You need to decide what direction you want to go in. Do you want to be in journalism? Radio? Television? Cable? What kind of journalism? Public relations? What do you want to do? I thought I was going to be a journalist so I hustled and worked internships and wrote for the college paper and freelanced for little local publications. It wasn't until I got out and through a series of subsistence jobs, ended up heading into the entertainment industry.

Thousands of graduates will have "communications" degrees, I'm sorry to say. And you will all be competing for the same dismal low-paying entry-level jobs - UNLESS you start to differentiate yourself now.

Communications is not like going to law school. You need to decide on a direction and start striving for it NOW. Not after you graduate.
posted by micawber at 6:13 PM on January 23, 2009 [1 favorite]

As a communications professor and head of my Dept's internship program, I can't stress the importance of internships enough (as several posters have also noted). Jobs in communications have changed drastically over the last few years, and the bad economy has only accelerated the trend towards freelance-based work (as opposed to full-time employment with benefits). The most reliable way to go after these jobs is to have had as much internship experience as possible, not only to discover the nature of the professional working world (which is considerably different than being a student) but also to develop contacts and a network of people who you can call on for job information. I encourage my students to try as many different internships, in as many different fields, as they can so they have the chance to see what's out there and where their skills and interests lie.
posted by quintno at 7:56 PM on January 23, 2009 [1 favorite]

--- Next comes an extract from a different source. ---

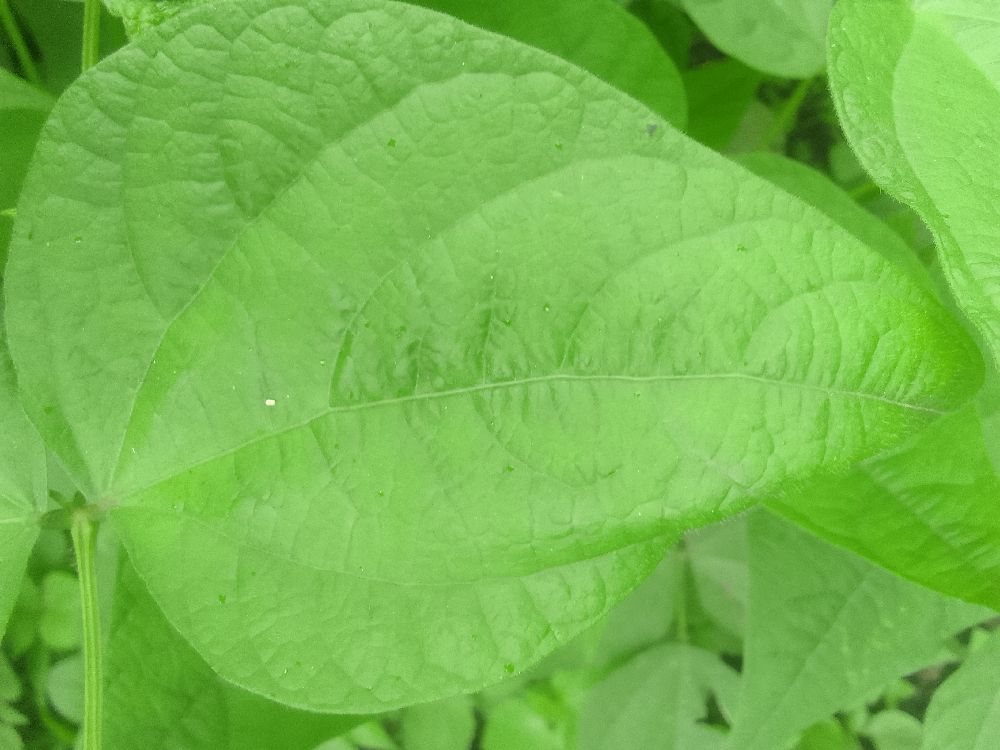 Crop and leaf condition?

common bean, healthy
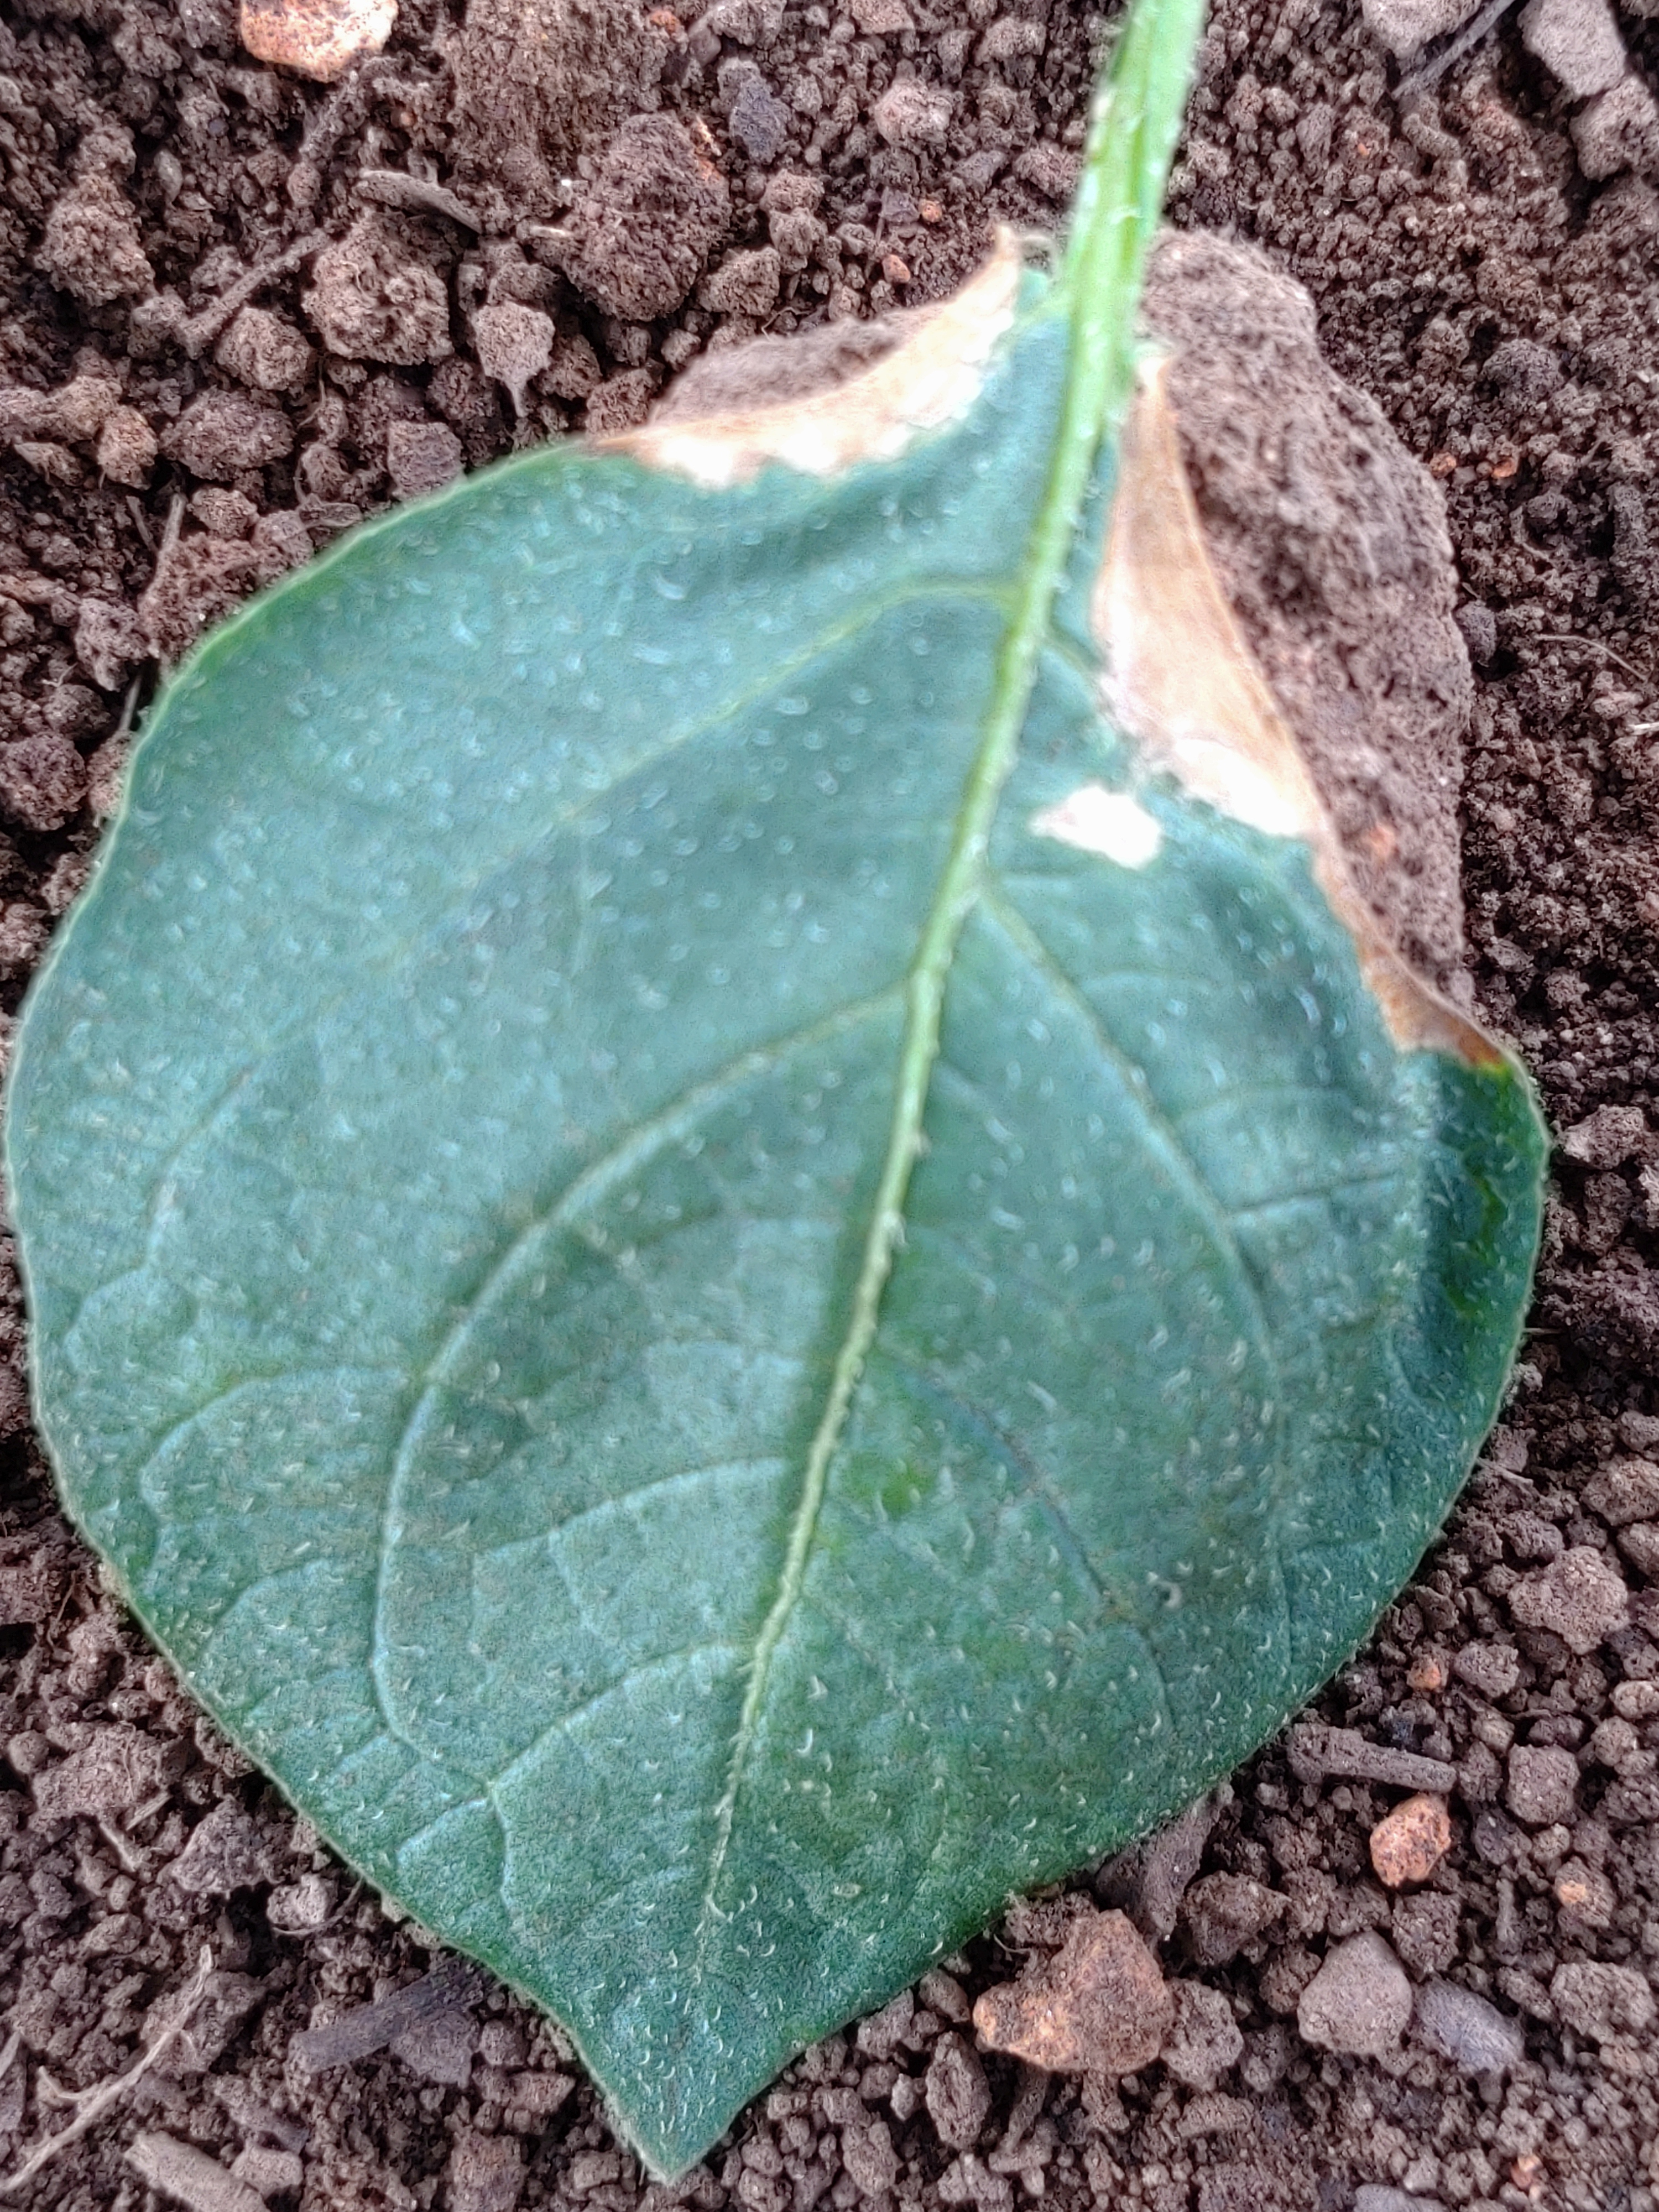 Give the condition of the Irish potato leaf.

I have a communication undergrad. I live and work near a large city, but not a major metro area, like NY or LA or something. if you live and go to school in a larger area, there will probably more opportunities for work/interships in your field (and more people looking to those fill those spots of course).

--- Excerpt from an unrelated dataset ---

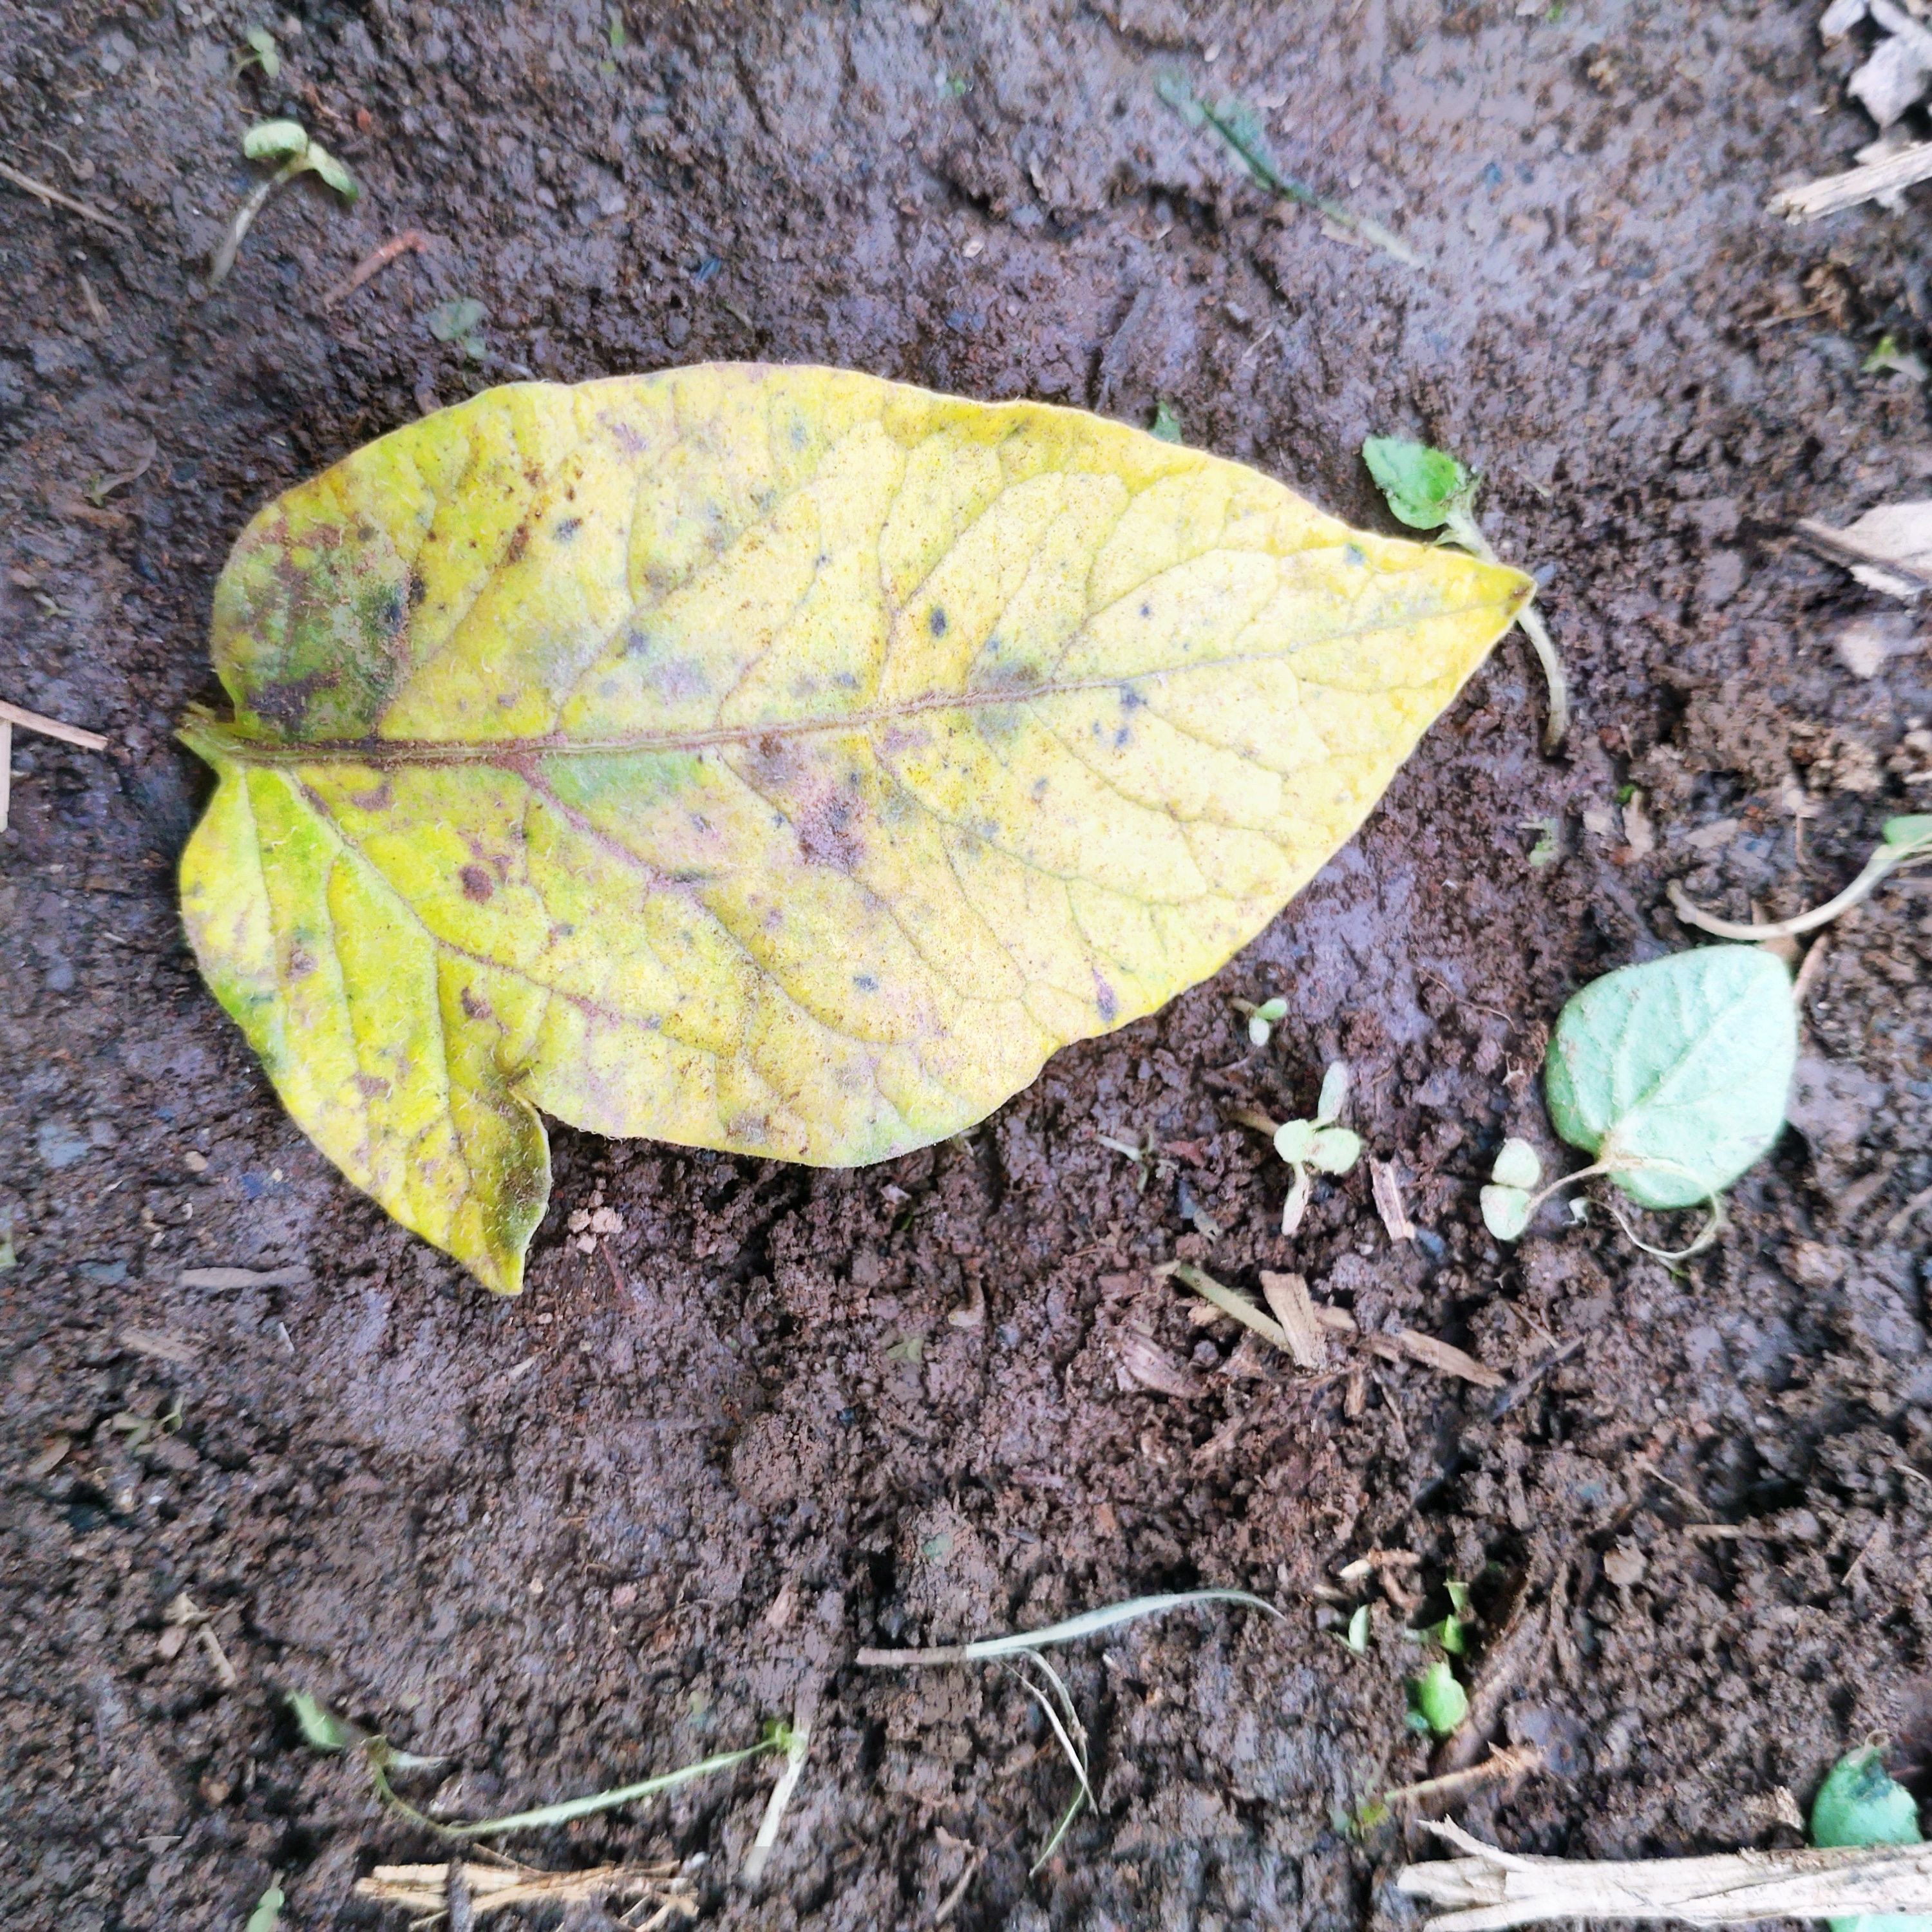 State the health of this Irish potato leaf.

late blight

a degree in communication is pretty much a degree in rhetoric. it's like combining sociology, psychology, and linguistics - which makes for some pretty interesting class material.

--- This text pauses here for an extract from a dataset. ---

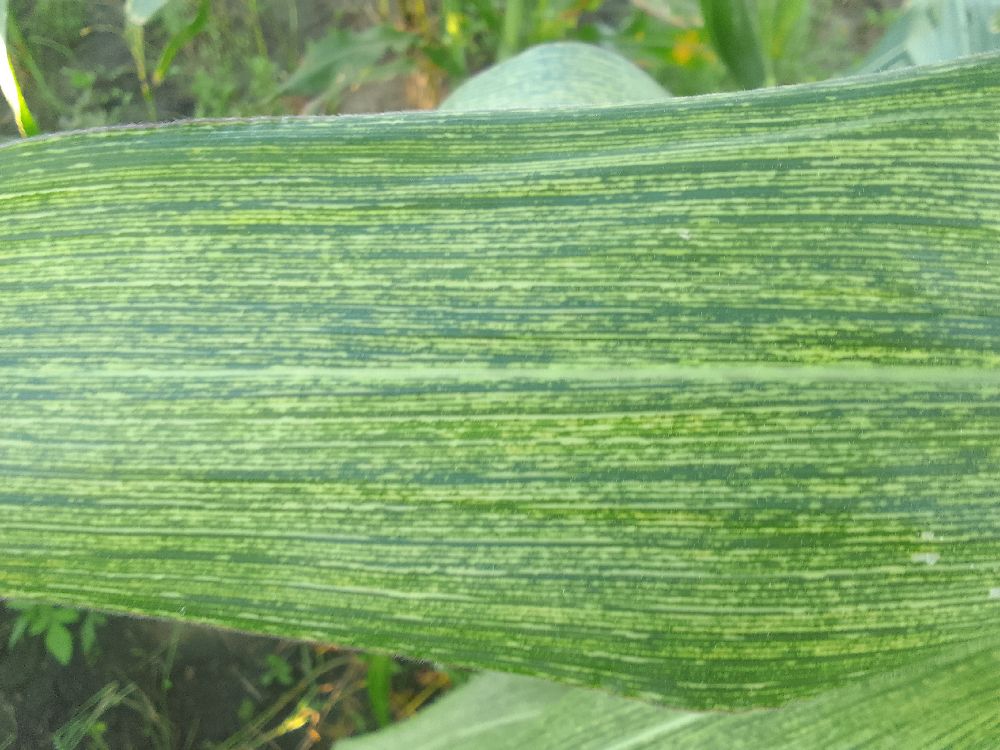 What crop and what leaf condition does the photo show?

myself - i am working in IT in a job i stumbled onto on craigslist. it was sheer luck. otherwise, i'd be working in HR, which is the other professional work experience i've had. i wasn't able to do internships during school because the ones i could find didn't pay enough - or at all! unfortunately, i needed to work because i did not have help from my family. i know a couple students from my class who found jobs after graduation thru internships they had.

by the way, Rahm Emanuel has a master's in speech from Northwestern, which has one of the better communication programs in the country. i forget who else i've heard has degrees in communication, but often top political folks do. that's one job where being able to analyze messages is very handy!
posted by sio42 at 6:58 AM on January 26, 2009

Very late to the party here, as usual...

I have a communications degree (earned it 12 years ago) from an average state university and have held jobs as varied as the following, in order: corporate concierge, wedding planner/catering manager for a series of hotels/venues, director of sales for an entertainment agency, leasing agent and marketing director for a property management firm, corporate communications coordinator for a large real estate development firm, then finally, freelance event planner and owner of a DJ company. As you can see, my degree led me to a pretty varied group of job opportunities, but it wasn't any kind of golden ticket to anything particularly high-paying, either.

My particular university offered a concentration in either business/marketing or in television/radio production. I chose the latter because I was lazy and thought it would be easier or more "fun," but in retrospect I really wish I'd gone the business and marketing route. I think that would present more of a likelihood for higher income later. Of course, if you're really passionate about working on the creative side of things, go for it, but hopefully your school will have better equipment than mine did!